At the house of Schen, Mother’s/Father’s Day involves reduction/elimination of parenting duties. What that actually means is no diapers, no making meals, no cleaning up after or chasing after small children.
What a joyous occasion! I don’t need a card to make me happy unless it’s hand-drawn by my 4 y/o. I do however crave some solitude and silence. If just for a moment…
After The King of Soup’s post, this is probably superfluous, but…
Father’s Day is about being a father. It’s not about getting a day off. How can you be a father away from your family? How would you have felt as a child if your dad had elected to be gone for the day?
To directly answer the question: as a father, you are allowed to do whatever you want as a father on Father’s day.
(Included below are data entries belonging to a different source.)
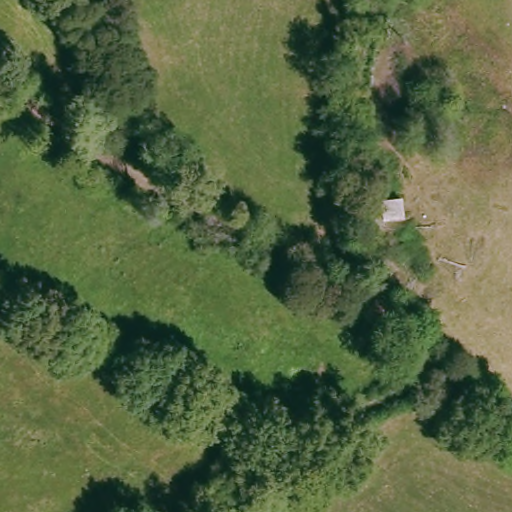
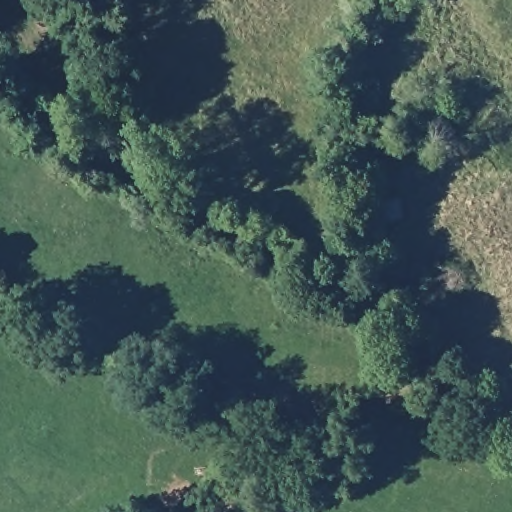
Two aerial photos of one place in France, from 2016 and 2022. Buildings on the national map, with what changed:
unchanged [(405,197),(410,217),(382,221),(380,199),(405,197)]

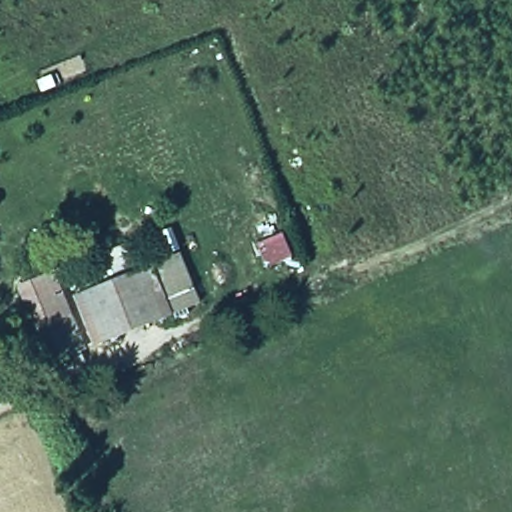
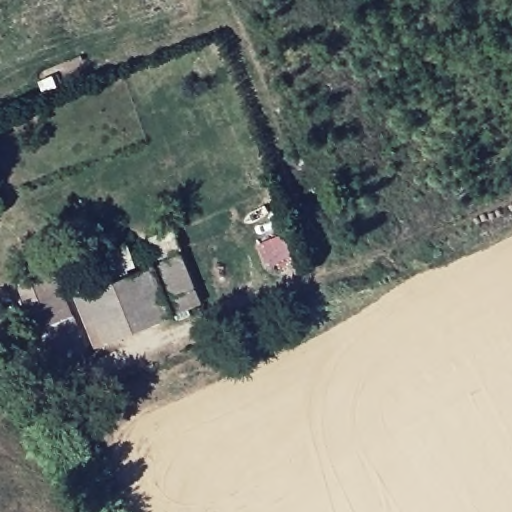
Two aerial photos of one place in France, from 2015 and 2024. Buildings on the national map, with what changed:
unchanged [(180,257),(201,307),(96,350),(75,298),(180,257)]
unchanged [(55,275),(83,352),(50,365),(20,288),(55,275)]

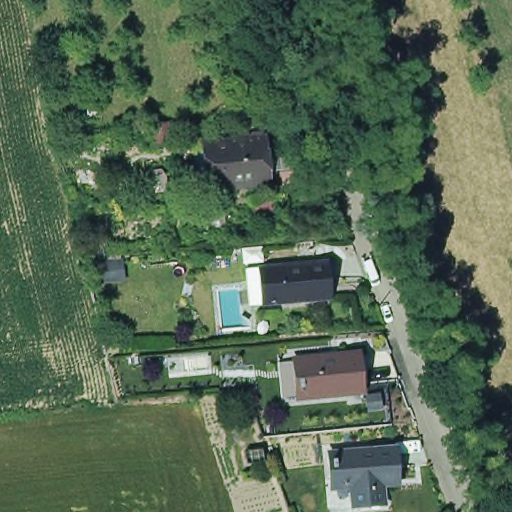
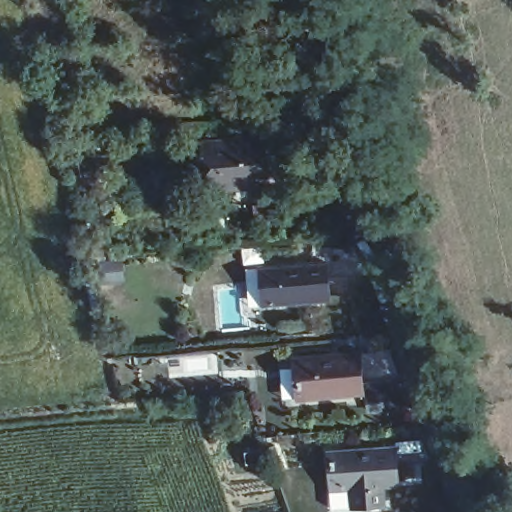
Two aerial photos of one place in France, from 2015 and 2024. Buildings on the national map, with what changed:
unchanged [(152,125),(170,124),(171,143),(158,144),(152,125)]
unchanged [(196,179),(196,169),(210,167),(206,145),(215,145),(271,139),(276,186),(222,192),(211,193),(196,179)]
unchanged [(258,203),(278,202),(279,217),(259,219),(258,203)]
unchanged [(336,301),(274,308),(270,270),(332,264),(336,301)]
unchanged [(304,388),(304,379),(306,376),(304,361),(363,354),(367,393),(309,399),(308,389),(304,388)]
unchanged [(343,469),(342,454),(392,451),(394,472),(404,472),(404,484),(386,486),(388,508),(356,511),(354,488),(340,488),(339,478),(335,478),(335,469),(343,469)]
unchanged [(243,466),(246,456),(262,459),(259,469),(243,466)]

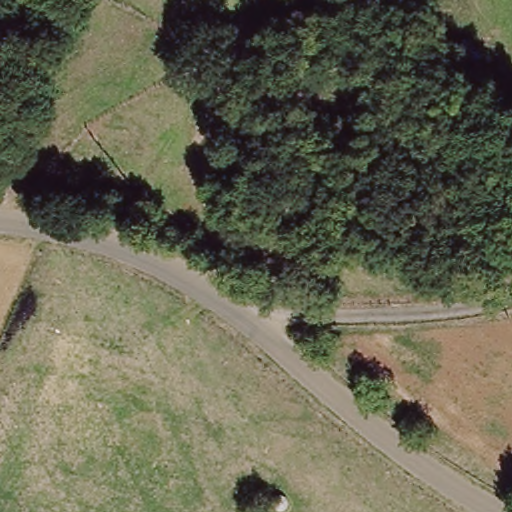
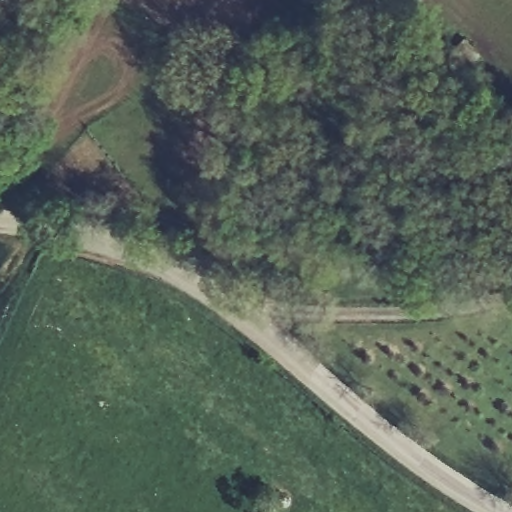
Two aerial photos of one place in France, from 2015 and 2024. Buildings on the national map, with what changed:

If spending the day on a lake away from your kids is “fathering” to you, that’s pretty damn sad, but it’s your life.
Part of the discrepency here is that historically (and often currently, too) mom tends to shoulder a disproportionate amount of child rearing duties, so Mother’s day was about giving her a break.
While historically dad is gone much of the time at work, Father’s day is chance to reconnect with his family.
My $0.02
My husband spends a lot of time with his/our kids. We do things together fairly frequently, usually without any kind of special occasion to make it happen.
For that reason, in our house, Father’s Day is a day where he gets to decide what he wants to do, with us or without us. (Well, most of the time, anyway. I gave birth to our first child on Father’s Day, so he didn’t have much say in what he did then.)
When I was growing up, I had a workaholic father who spent very little time with his kids. Father’s Day was a day for him to spend with us–when he didn’t have to work.